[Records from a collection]
....................

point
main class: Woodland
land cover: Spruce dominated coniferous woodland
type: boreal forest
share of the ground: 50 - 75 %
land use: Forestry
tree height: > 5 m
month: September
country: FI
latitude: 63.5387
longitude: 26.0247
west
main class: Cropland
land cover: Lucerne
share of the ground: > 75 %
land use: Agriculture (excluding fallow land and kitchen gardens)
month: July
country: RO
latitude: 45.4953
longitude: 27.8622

....................

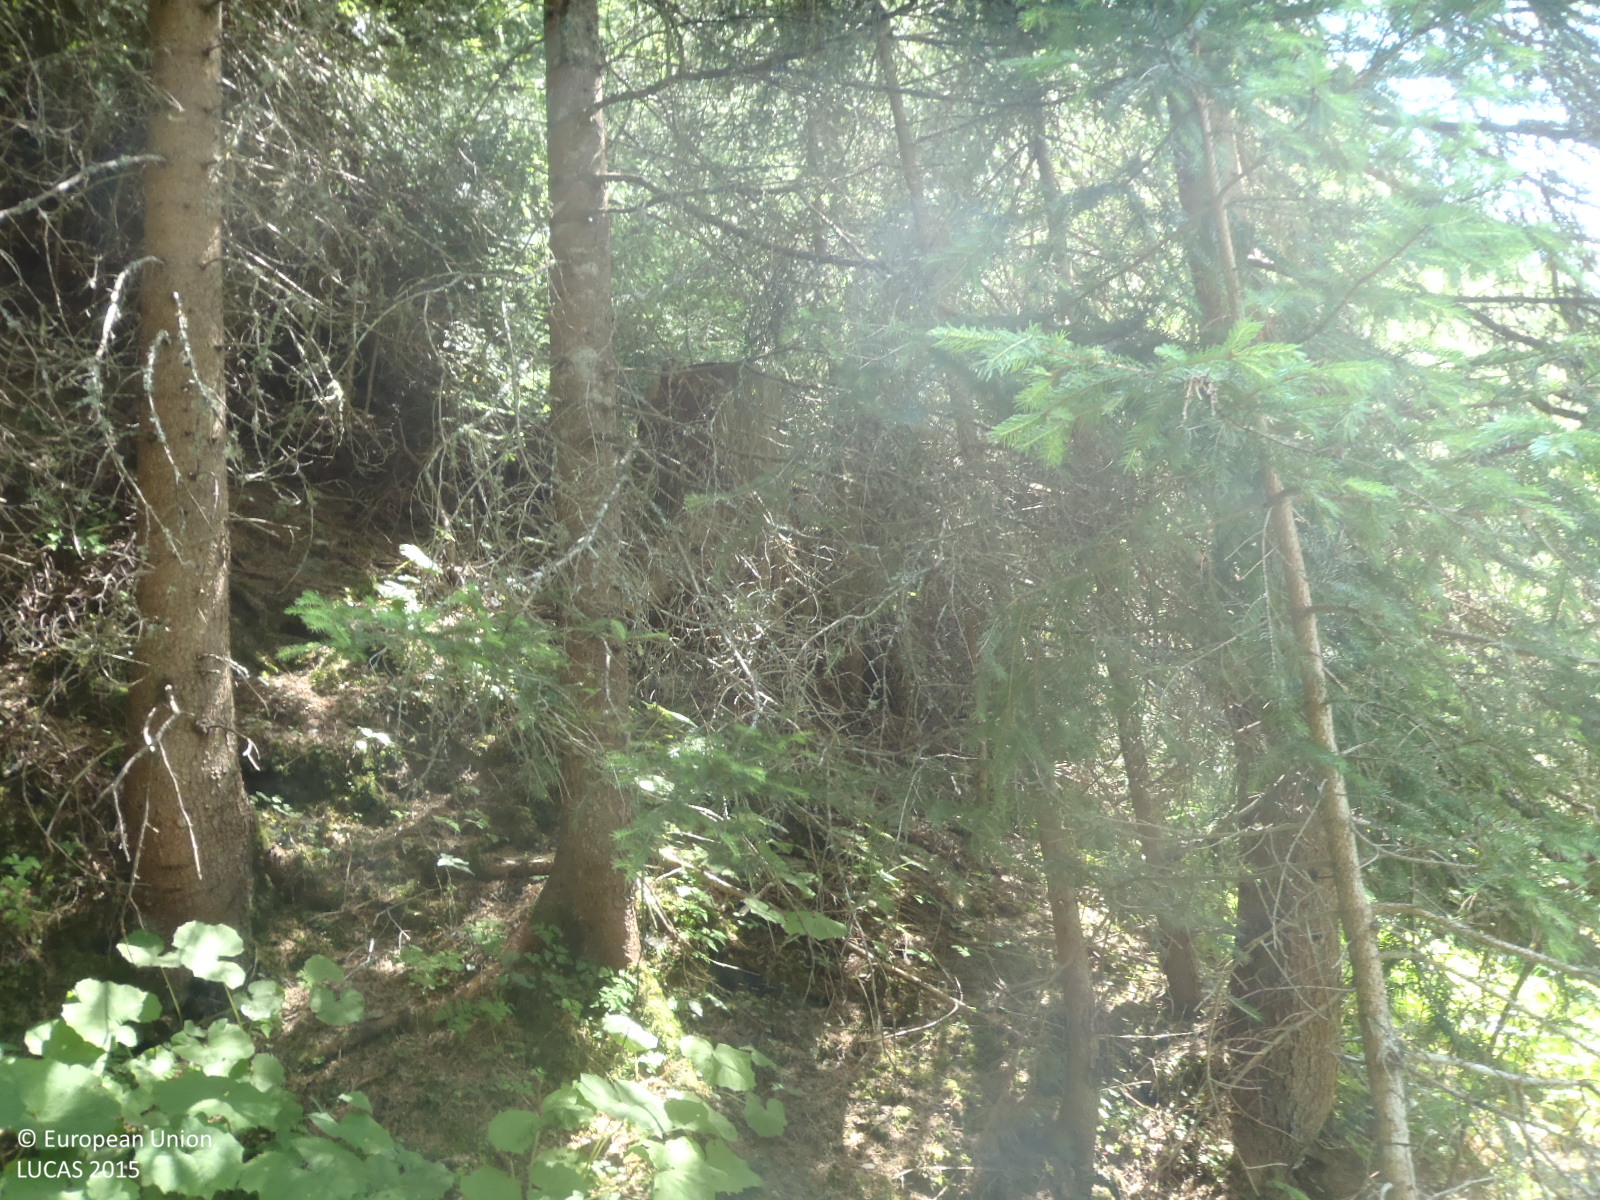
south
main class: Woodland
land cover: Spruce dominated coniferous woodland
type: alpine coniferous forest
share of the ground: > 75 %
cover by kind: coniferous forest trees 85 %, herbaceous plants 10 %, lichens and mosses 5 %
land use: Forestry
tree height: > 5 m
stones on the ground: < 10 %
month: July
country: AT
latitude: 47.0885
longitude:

....................

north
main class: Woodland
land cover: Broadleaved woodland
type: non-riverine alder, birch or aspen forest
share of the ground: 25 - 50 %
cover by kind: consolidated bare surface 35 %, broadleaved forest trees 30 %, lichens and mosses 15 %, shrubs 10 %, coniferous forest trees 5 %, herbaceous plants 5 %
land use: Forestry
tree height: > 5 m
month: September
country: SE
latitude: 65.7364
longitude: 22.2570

....................

A single number is the answer: how many lines in the records above contain the word "coniferous".

TASK OUTPUT
5